[PROVIDED RECORDS]
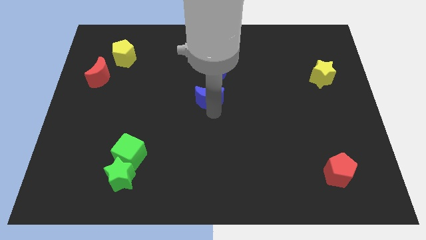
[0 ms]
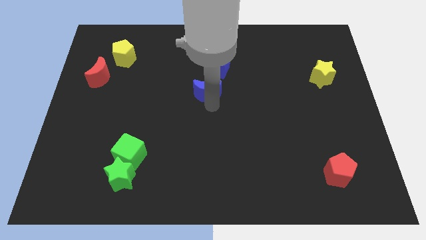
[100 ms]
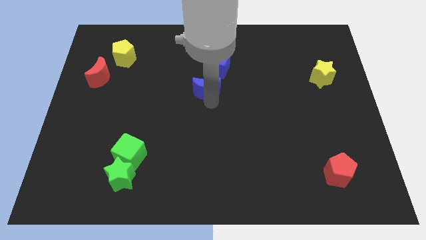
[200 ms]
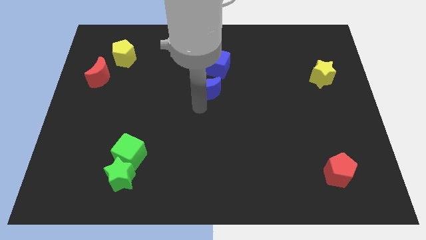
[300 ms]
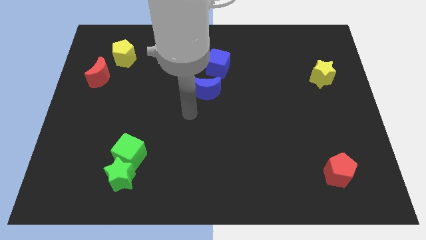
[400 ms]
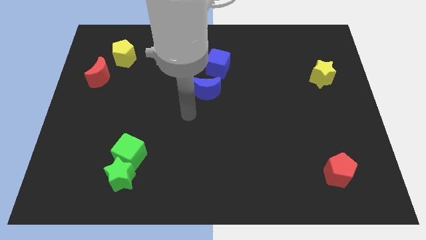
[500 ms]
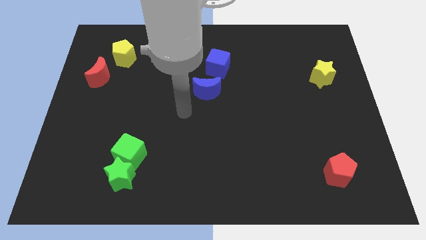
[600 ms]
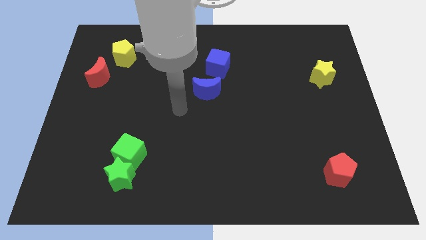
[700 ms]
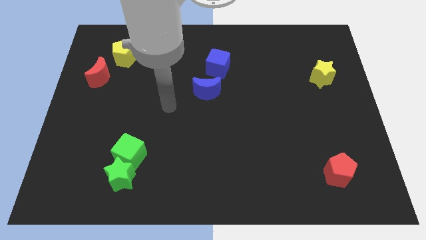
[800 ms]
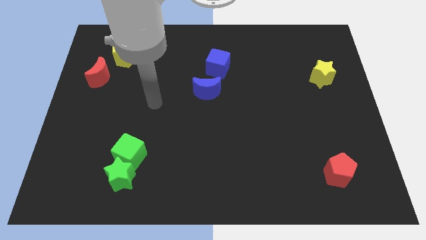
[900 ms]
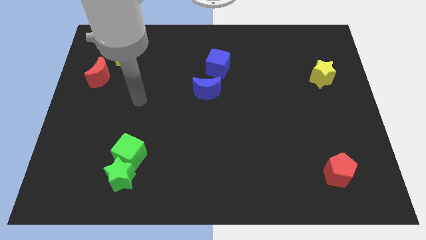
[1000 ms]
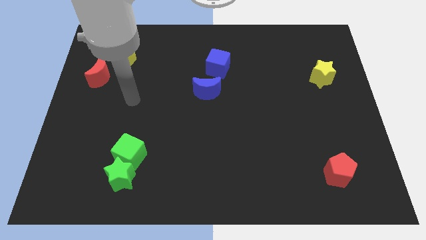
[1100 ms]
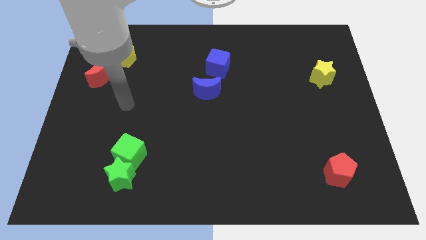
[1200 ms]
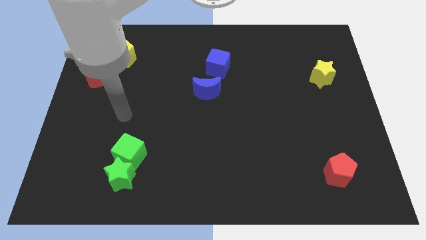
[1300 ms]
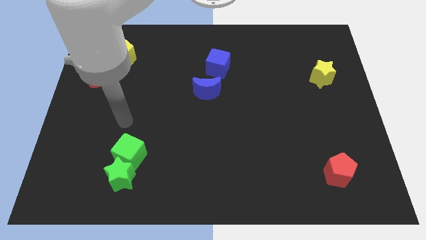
[/PROVIDED RECORDS]
Output nothing but the records above, word for word, with the pictures removed.

## ANSWER FOR THE TASK:
[0 ms]
[100 ms]
[200 ms]
[300 ms]
[400 ms]
[500 ms]
[600 ms]
[700 ms]
[800 ms]
[900 ms]
[1000 ms]
[1100 ms]
[1200 ms]
[1300 ms]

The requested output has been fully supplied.